Pages

Tuesday, September 28, 2010

How to remove Duplicate records from table


This is the frequently asked question in an interview. How to remove or select distinct all data with the unique value. You all are knows that whenever we write distinct keyword with column it will returns unique combination of all columns.
In following query if you use distinct then it will return all rows then how to eliminate particular column duplication.You can not use distinct at this moment. I have a solution for this.
Just copy and paste following code in your SQL Server 2005 query window and then run it.
 
DECLARE @EMPDATA TABLE(EMPNO BIGINT PRIMARY KEY,EMAIL VARCHAR(50))

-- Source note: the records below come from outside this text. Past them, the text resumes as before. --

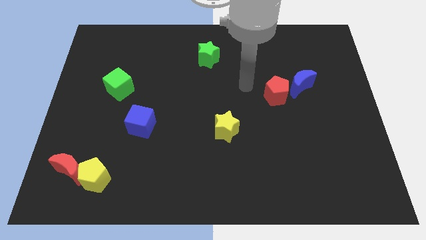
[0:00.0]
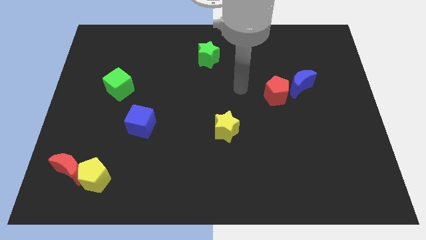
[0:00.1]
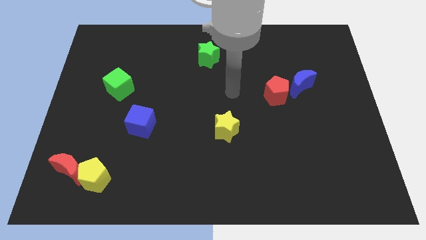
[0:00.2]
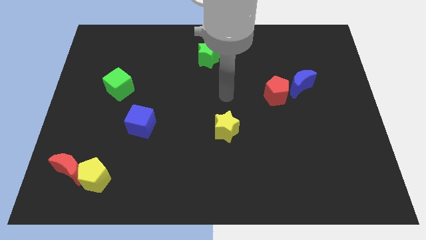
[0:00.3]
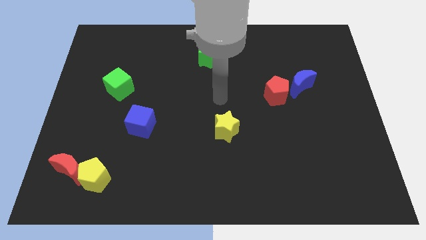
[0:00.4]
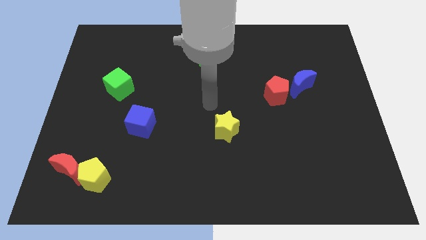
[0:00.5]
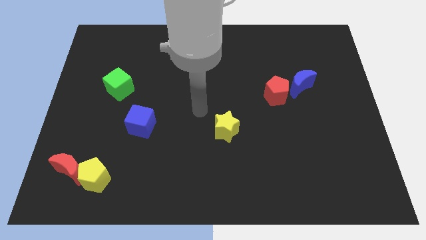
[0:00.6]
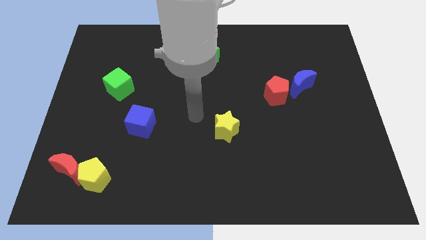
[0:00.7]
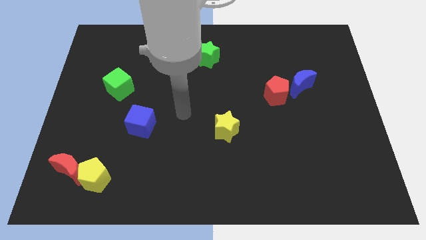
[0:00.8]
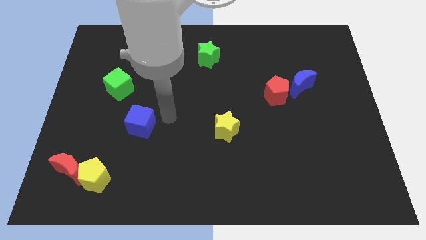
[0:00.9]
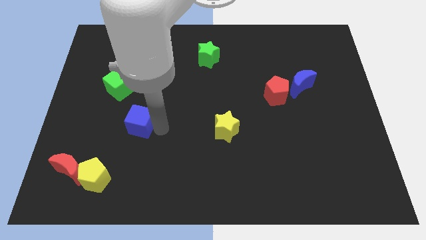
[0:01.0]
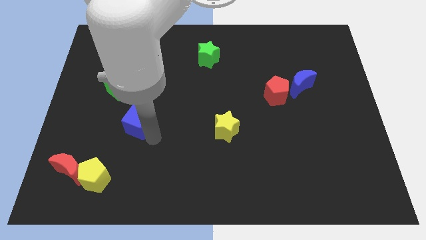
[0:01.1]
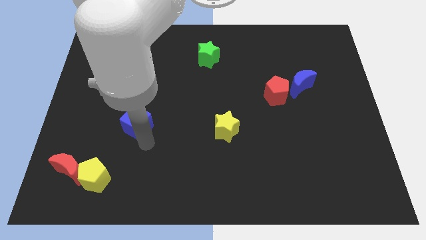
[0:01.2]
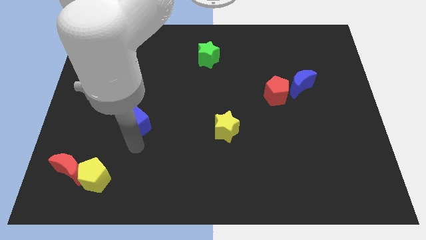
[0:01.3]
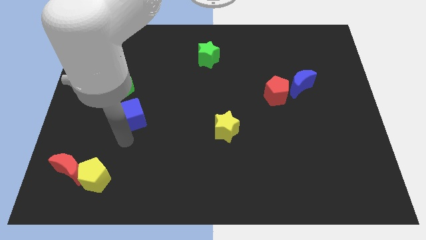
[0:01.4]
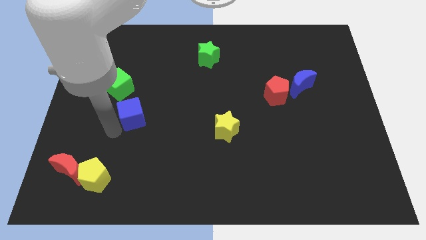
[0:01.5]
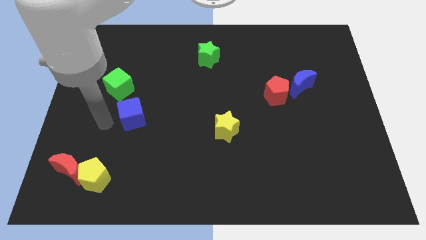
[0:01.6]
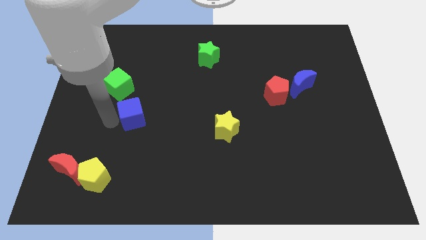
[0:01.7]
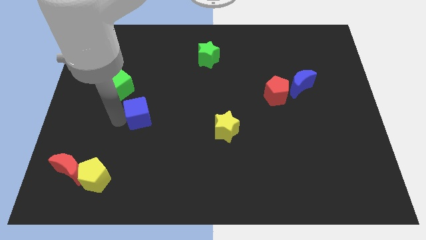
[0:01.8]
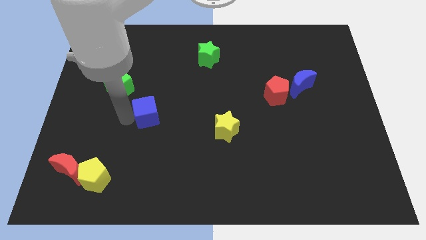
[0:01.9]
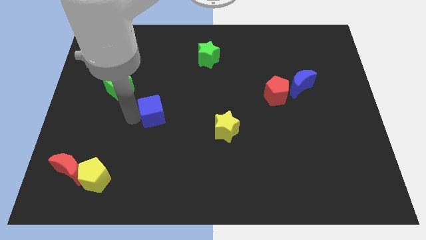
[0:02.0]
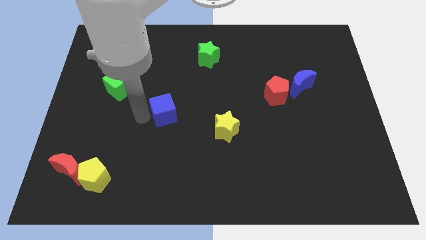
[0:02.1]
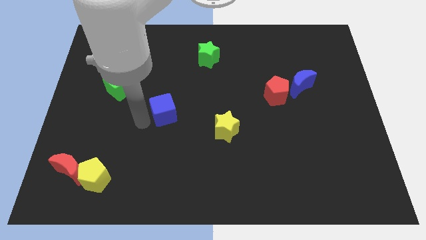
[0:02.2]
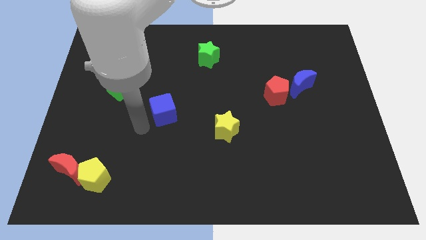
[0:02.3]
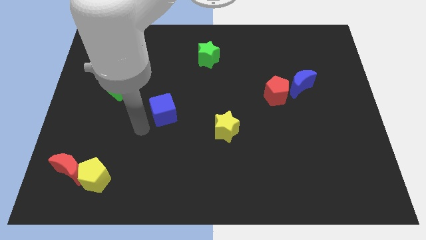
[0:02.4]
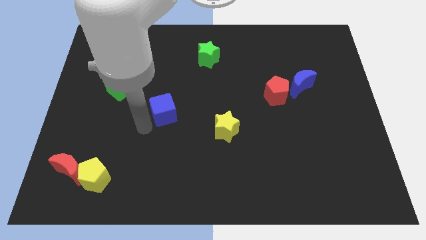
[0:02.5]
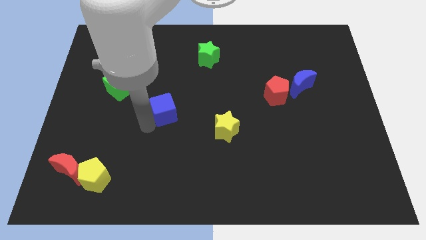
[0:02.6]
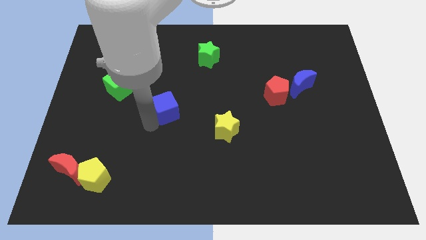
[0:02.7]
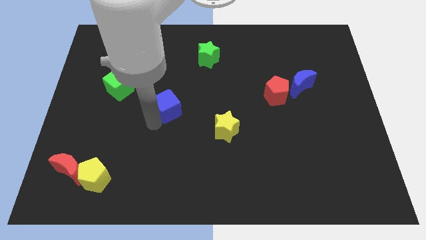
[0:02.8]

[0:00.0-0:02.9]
slide the blue cube upwards and to the right a little bit

INSERT INTO @EMPDATA VALUES(1,'parag@gmail.com')
INSERT INTO @EMPDATA VALUES(2,'deven@gmail.com')
INSERT INTO @EMPDATA VALUES(3,'parag@gmail.com')
INSERT INTO @EMPDATA VALUES(4,'jig@gmail.com')
INSERT INTO @EMPDATA VALUES(5,'dharmik@gmail.com')
INSERT INTO @EMPDATA VALUES(6,'jig@gmail.com')
INSERT INTO @EMPDATA VALUES(7,'sandy@gmail.com')
INSERT INTO @EMPDATA VALUES(8,'dharmik@gmail.com')

;WITH CTE
AS
(
   SELECT ROW_NUMBER()OVER(PARTITION BY EMAIL ORDER BY  EMPNO)RANK,*
     FROM @EMPDATA
)

SELECT EMPNO,EMAIL FROM CTE
WHERE RANK=1
ORDER BY EMPNO

In above query it will just select the unique value if you want to remove then write DELETE statement where rank = 1.